### Work order
With the pictures set aside, return the lines below exactly, beginning at the first and ending at the line containing "#22685 = CYLINDRICAL_SURFACE('',#22686,1.27);".

++++++

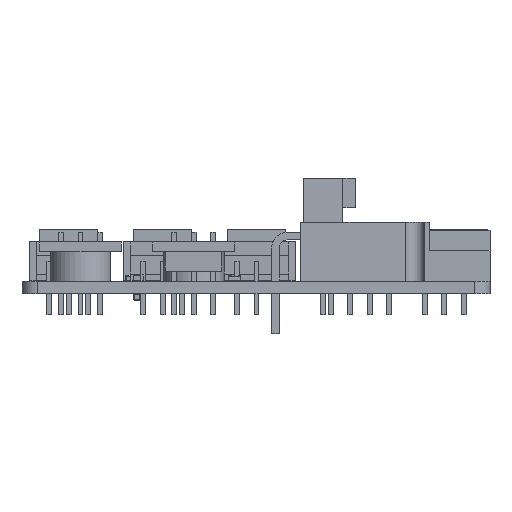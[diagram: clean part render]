
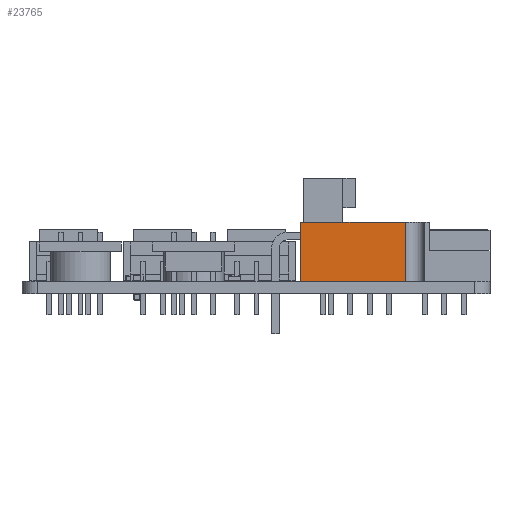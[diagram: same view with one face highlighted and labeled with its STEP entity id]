
A CAD part, front view. The second image highlights one B-rep face of the part: STEP entity #23765.
In plain terms, the highlighted face is planar.
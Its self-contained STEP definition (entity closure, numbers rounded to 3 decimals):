
#22657 = PLANE('',#22658);
#22658 = AXIS2_PLACEMENT_3D('',#22659,#22660,#22661);
#22659 = CARTESIAN_POINT('',(0.,0.,7.874));
#22660 = DIRECTION('',(0.,0.,1.));
#22661 = DIRECTION('',(1.,0.,0.));
#22685 = CYLINDRICAL_SURFACE('',#22686,1.27);
#22686 = AXIS2_PLACEMENT_3D('',#22687,#22688,#22689);
#22687 = CARTESIAN_POINT('',(14.859,22.86,-17.526));
#22688 = DIRECTION('',(0.,0.,1.));
#22689 = DIRECTION('',(1.,0.,0.));
#22733 = PLANE('',#22734);
#22734 = AXIS2_PLACEMENT_3D('',#22735,#22736,#22737);
#22735 = CARTESIAN_POINT('',(0.,0.,0.));
#22736 = DIRECTION('',(0.,0.,1.));
#22737 = DIRECTION('',(1.,0.,0.));
#22771 = PLANE('',#22772);
#22772 = AXIS2_PLACEMENT_3D('',#22773,#22774,#22775);
#22773 = CARTESIAN_POINT('',(0.,22.86,7.874));
#22774 = DIRECTION('',(1.,0.,0.));
#22775 = DIRECTION('',(0.,0.,-1.));
#23439 = VERTEX_POINT('',#23440);
#23440 = CARTESIAN_POINT('',(0.,22.86,0.));
#23532 = VERTEX_POINT('',#23533);
#23533 = CARTESIAN_POINT('',(13.589,22.86,0.));
#23577 = EDGE_CURVE('',#23532,#23439,#23578,.T.);
#23578 = SURFACE_CURVE('',#23579,(#23583,#23590),.PCURVE_S1.);
#23579 = LINE('',#23580,#23581);
#23580 = CARTESIAN_POINT('',(24.638,22.86,0.));
#23581 = VECTOR('',#23582,1.);
#23582 = DIRECTION('',(-1.,0.,0.));
#23583 = PCURVE('',#22733,#23584);
#23584 = DEFINITIONAL_REPRESENTATION('',(#23585),#23589);
#23585 = LINE('',#23586,#23587);
#23586 = CARTESIAN_POINT('',(24.638,22.86));
#23587 = VECTOR('',#23588,1.);
#23588 = DIRECTION('',(-1.,0.));
#23589 = ( GEOMETRIC_REPRESENTATION_CONTEXT(2) 
PARAMETRIC_REPRESENTATION_CONTEXT() REPRESENTATION_CONTEXT('2D SPACE',''
  ) );
#23590 = PCURVE('',#23591,#23596);
#23591 = PLANE('',#23592);
#23592 = AXIS2_PLACEMENT_3D('',#23593,#23594,#23595);
#23593 = CARTESIAN_POINT('',(24.638,22.86,7.874));
#23594 = DIRECTION('',(0.,-1.,0.));
#23595 = DIRECTION('',(0.,0.,-1.));
#23596 = DEFINITIONAL_REPRESENTATION('',(#23597),#23601);
#23597 = LINE('',#23598,#23599);
#23598 = CARTESIAN_POINT('',(7.874,0.));
#23599 = VECTOR('',#23600,1.);
#23600 = DIRECTION('',(0.,-1.));
#23601 = ( GEOMETRIC_REPRESENTATION_CONTEXT(2) 
PARAMETRIC_REPRESENTATION_CONTEXT() REPRESENTATION_CONTEXT('2D SPACE',''
  ) );
#23765 = ADVANCED_FACE('',(#23766),#23591,.F.);
#23766 = FACE_BOUND('',#23767,.F.);
#23767 = EDGE_LOOP('',(#23768,#23791,#23792,#23837));
#23768 = ORIENTED_EDGE('',*,*,#23769,.T.);
#23769 = EDGE_CURVE('',#23770,#23439,#23772,.T.);
#23770 = VERTEX_POINT('',#23771);
#23771 = CARTESIAN_POINT('',(0.,22.86,7.874));
#23772 = SURFACE_CURVE('',#23773,(#23777,#23784),.PCURVE_S1.);
#23773 = LINE('',#23774,#23775);
#23774 = CARTESIAN_POINT('',(0.,22.86,7.874));
#23775 = VECTOR('',#23776,1.);
#23776 = DIRECTION('',(0.,0.,-1.));
#23777 = PCURVE('',#23591,#23778);
#23778 = DEFINITIONAL_REPRESENTATION('',(#23779),#23783);
#23779 = LINE('',#23780,#23781);
#23780 = CARTESIAN_POINT('',(0.,-24.638));
#23781 = VECTOR('',#23782,1.);
#23782 = DIRECTION('',(1.,0.));
#23783 = ( GEOMETRIC_REPRESENTATION_CONTEXT(2) 
PARAMETRIC_REPRESENTATION_CONTEXT() REPRESENTATION_CONTEXT('2D SPACE',''
  ) );
#23784 = PCURVE('',#22771,#23785);
#23785 = DEFINITIONAL_REPRESENTATION('',(#23786),#23790);
#23786 = LINE('',#23787,#23788);
#23787 = CARTESIAN_POINT('',(0.,0.));
#23788 = VECTOR('',#23789,1.);
#23789 = DIRECTION('',(1.,0.));
#23790 = ( GEOMETRIC_REPRESENTATION_CONTEXT(2) 
PARAMETRIC_REPRESENTATION_CONTEXT() REPRESENTATION_CONTEXT('2D SPACE',''
  ) );
#23791 = ORIENTED_EDGE('',*,*,#23577,.F.);
#23792 = ORIENTED_EDGE('',*,*,#23793,.F.);
#23793 = EDGE_CURVE('',#23794,#23532,#23796,.T.);
#23794 = VERTEX_POINT('',#23795);
#23795 = CARTESIAN_POINT('',(13.589,22.86,7.874));
#23796 = SURFACE_CURVE('',#23797,(#23801,#23808),.PCURVE_S1.);
#23797 = LINE('',#23798,#23799);
#23798 = CARTESIAN_POINT('',(13.589,22.86,-17.526));
#23799 = VECTOR('',#23800,1.);
#23800 = DIRECTION('',(0.,0.,-1.));
#23801 = PCURVE('',#23591,#23802);
#23802 = DEFINITIONAL_REPRESENTATION('',(#23803),#23807);
#23803 = LINE('',#23804,#23805);
#23804 = CARTESIAN_POINT('',(25.4,-11.049));
#23805 = VECTOR('',#23806,1.);
#23806 = DIRECTION('',(1.,0.));
#23807 = ( GEOMETRIC_REPRESENTATION_CONTEXT(2) 
PARAMETRIC_REPRESENTATION_CONTEXT() REPRESENTATION_CONTEXT('2D SPACE',''
  ) );
#23808 = PCURVE('',#22685,#23809);
#23809 = DEFINITIONAL_REPRESENTATION('',(#23810),#23836);
#23810 = B_SPLINE_CURVE_WITH_KNOTS('',3,(#23811,#23812,#23813,#23814,
    #23815,#23816,#23817,#23818,#23819,#23820,#23821,#23822,#23823,
    #23824,#23825,#23826,#23827,#23828,#23829,#23830,#23831,#23832,
    #23833,#23834,#23835),.UNSPECIFIED.,.F.,.F.,(4,1,1,1,1,1,1,1,1,1,1,1
    ,1,1,1,1,1,1,1,1,1,1,4),(-25.4,-25.042,-24.684,
    -24.326,-23.968,-23.61,-23.253,
    -22.895,-22.537,-22.179,-21.821,
    -21.463,-21.105,-20.747,-20.389,
    -20.031,-19.673,-19.316,-18.958,
    -18.6,-18.242,-17.884,-17.526),
  .QUASI_UNIFORM_KNOTS.);
#23811 = CARTESIAN_POINT('',(3.142,25.4));
#23812 = CARTESIAN_POINT('',(3.142,25.281));
#23813 = CARTESIAN_POINT('',(3.142,25.042));
#23814 = CARTESIAN_POINT('',(3.142,24.684));
#23815 = CARTESIAN_POINT('',(3.142,24.326));
#23816 = CARTESIAN_POINT('',(3.142,23.968));
#23817 = CARTESIAN_POINT('',(3.142,23.61));
#23818 = CARTESIAN_POINT('',(3.142,23.253));
#23819 = CARTESIAN_POINT('',(3.142,22.895));
#23820 = CARTESIAN_POINT('',(3.142,22.537));
#23821 = CARTESIAN_POINT('',(3.142,22.179));
#23822 = CARTESIAN_POINT('',(3.142,21.821));
#23823 = CARTESIAN_POINT('',(3.142,21.463));
#23824 = CARTESIAN_POINT('',(3.142,21.105));
#23825 = CARTESIAN_POINT('',(3.142,20.747));
#23826 = CARTESIAN_POINT('',(3.142,20.389));
#23827 = CARTESIAN_POINT('',(3.142,20.031));
#23828 = CARTESIAN_POINT('',(3.142,19.673));
#23829 = CARTESIAN_POINT('',(3.142,19.316));
#23830 = CARTESIAN_POINT('',(3.142,18.958));
#23831 = CARTESIAN_POINT('',(3.142,18.6));
#23832 = CARTESIAN_POINT('',(3.142,18.242));
#23833 = CARTESIAN_POINT('',(3.142,17.884));
#23834 = CARTESIAN_POINT('',(3.142,17.645));
#23835 = CARTESIAN_POINT('',(3.142,17.526));
#23836 = ( GEOMETRIC_REPRESENTATION_CONTEXT(2) 
PARAMETRIC_REPRESENTATION_CONTEXT() REPRESENTATION_CONTEXT('2D SPACE',''
  ) );
#23837 = ORIENTED_EDGE('',*,*,#23838,.T.);
#23838 = EDGE_CURVE('',#23794,#23770,#23839,.T.);
#23839 = SURFACE_CURVE('',#23840,(#23844,#23851),.PCURVE_S1.);
#23840 = LINE('',#23841,#23842);
#23841 = CARTESIAN_POINT('',(24.638,22.86,7.874));
#23842 = VECTOR('',#23843,1.);
#23843 = DIRECTION('',(-1.,0.,0.));
#23844 = PCURVE('',#23591,#23845);
#23845 = DEFINITIONAL_REPRESENTATION('',(#23846),#23850);
#23846 = LINE('',#23847,#23848);
#23847 = CARTESIAN_POINT('',(0.,0.));
#23848 = VECTOR('',#23849,1.);
#23849 = DIRECTION('',(0.,-1.));
#23850 = ( GEOMETRIC_REPRESENTATION_CONTEXT(2) 
PARAMETRIC_REPRESENTATION_CONTEXT() REPRESENTATION_CONTEXT('2D SPACE',''
  ) );
#23851 = PCURVE('',#22657,#23852);
#23852 = DEFINITIONAL_REPRESENTATION('',(#23853),#23857);
#23853 = LINE('',#23854,#23855);
#23854 = CARTESIAN_POINT('',(24.638,22.86));
#23855 = VECTOR('',#23856,1.);
#23856 = DIRECTION('',(-1.,0.));
#23857 = ( GEOMETRIC_REPRESENTATION_CONTEXT(2) 
PARAMETRIC_REPRESENTATION_CONTEXT() REPRESENTATION_CONTEXT('2D SPACE',''
  ) );

++++++

### Output below
[diagram: clean part render]
[diagram: same view with one face highlighted and labeled with its STEP entity id]
A CAD part, front view. The second image highlights one B-rep face of the part: STEP entity #23765.
In plain terms, the highlighted face is planar.
Its self-contained STEP definition (entity closure, numbers rounded to 3 decimals):
#22657 = PLANE('',#22658);
#22658 = AXIS2_PLACEMENT_3D('',#22659,#22660,#22661);
#22659 = CARTESIAN_POINT('',(0.,0.,7.874));
#22660 = DIRECTION('',(0.,0.,1.));
#22661 = DIRECTION('',(1.,0.,0.));
#22685 = CYLINDRICAL_SURFACE('',#22686,1.27);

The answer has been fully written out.